The world’s attention has been on Gaza since the 7 October 2023 Hamas assault on Israel and the ensuing bombardment of the Gaza Strip, leading to the killing and jailing of Palestinian journalists. In its latest census of journalists jailed around the globe as of 1 December 2023, press freedom watchdog CPJ ranked Israel as the joint sixth-biggest jailer of journalists, alongside Iran and behind China, Myanmar, Belarus, Russia and Vietnam.

According to the report, there were 17 Palestinian reporters held in Israeli jails on 1 December, compared to one in the previous year.

“Overall, Israel has detained more than 20 journalists since the war began, but those released before 1 December or held after that date are not included in the 2023 census,” CPJ said.

Israel’s status as one of the world’s worst jailers of journalists has been grabbing the headlines given that the Israel-Gaza war continues to dominate the global news agenda. CPJ’s Africa programme coordinator Angela Quintal says: “In the process, the plight of detained journalists in Africa has largely been ignored, in much the same way that the conflicts and resultant humanitarian crises in several African countries hardly get global attention.”

Disturbing trend
In Africa, the CPJ report listed Eritrea – with 16 journalists in jail – as the world’s seventh-worst jailer of journalists and the worst on the continent. Journalists held in Eritrea include some of the longest-known cases of journalists imprisoned around the world; none has ever been charged.

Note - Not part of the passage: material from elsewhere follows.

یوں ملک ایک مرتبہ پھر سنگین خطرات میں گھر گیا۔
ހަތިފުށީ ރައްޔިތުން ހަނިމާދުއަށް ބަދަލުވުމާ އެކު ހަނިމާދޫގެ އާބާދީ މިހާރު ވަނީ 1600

In sub-Saharan Africa, according to the report, the number of journalists jailed on 1 December rose to 47 from 31 in 2022 and 30 in 2021, with Ethiopia (8) and Cameroon (6) ranking as the second and third-worst in the region. CPJ said the number of jailed Ethiopian journalists reflects the difficult environment for the media in Ethiopia.

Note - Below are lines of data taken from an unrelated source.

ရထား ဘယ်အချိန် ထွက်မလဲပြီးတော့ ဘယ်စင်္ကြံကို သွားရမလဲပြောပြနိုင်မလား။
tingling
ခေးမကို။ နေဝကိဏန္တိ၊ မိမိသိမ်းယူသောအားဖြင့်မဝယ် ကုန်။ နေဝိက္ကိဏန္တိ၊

Despite the 2022 signing of a peace agreement that ended two years of civil war, parts of Ethiopia remain restive and conflict is raging in the country’s Amhara State between regional militia and federal forces. The eight journalists in CPJ’s census were arrested in 2023 after covering this conflict.

They know the world isn’t watching and probably doesn’t care

The CPJ snapshot also highlighted media crackdowns in Senegal, Zambia, Angola and Madagascar. Senegal, which has five journalists jailed, has only appeared on the census twice previously – 2008 and 2022 – with one jailed journalist in those years. The DRC, Zambia, Angola, Burundi and Nigeria all had one journalist listed in 2023. Madagascar, appearing for the first time on the census, also held one journalist.

The case of Stanis Bujakera Tshiamala

In the DRC, Stanis Bujakera Tshiamala, a correspondent for our sister publication Jeune Afrique, Reuters and deputy director of the news site Actualite, who has more than 570,000 followers on X, has been languishing in a communal cell in Kinshasa’s notorious Makala prison.

He was imprisoned following the publication of an article by Jeune Afrique’s Paris-based editorial team implicating Congolese military intelligence in the assassination of a former minister turned opposition figure, Chérubin Okende.

Stanis, in jail for over four months now, has been charged under a combined application of the penal code and a digital code, passed earlier in 2023, and press law enabling DRC authorities to prosecute and imprison journalists for sharing “false news” and for sharing information electronically.

The charges brought against Stanis underscored concerns about the ongoing criminalisation of journalism, CPJ said.

Last week, a hundred intellectuals, writers, journalists and activists including Nigerian playwright Wole Soyinka and philosopher Achille Mbembe, signed a petition calling for Stanis’ immediate release from jail.

For CPJ, the lack of global attention on the plights of Stanis and all other journalists in African jails has sent a disturbing signal to the African leaders.

“It is unsurprising that some of the leaders and autocrats on our continent are emboldened. They know the world isn’t watching and probably doesn’t care,” Quintal tells The Africa Report. “The bottom line is: one journalist in jail, is one journalist too many, wherever they are in the world. No journalist should be in jail for their work.”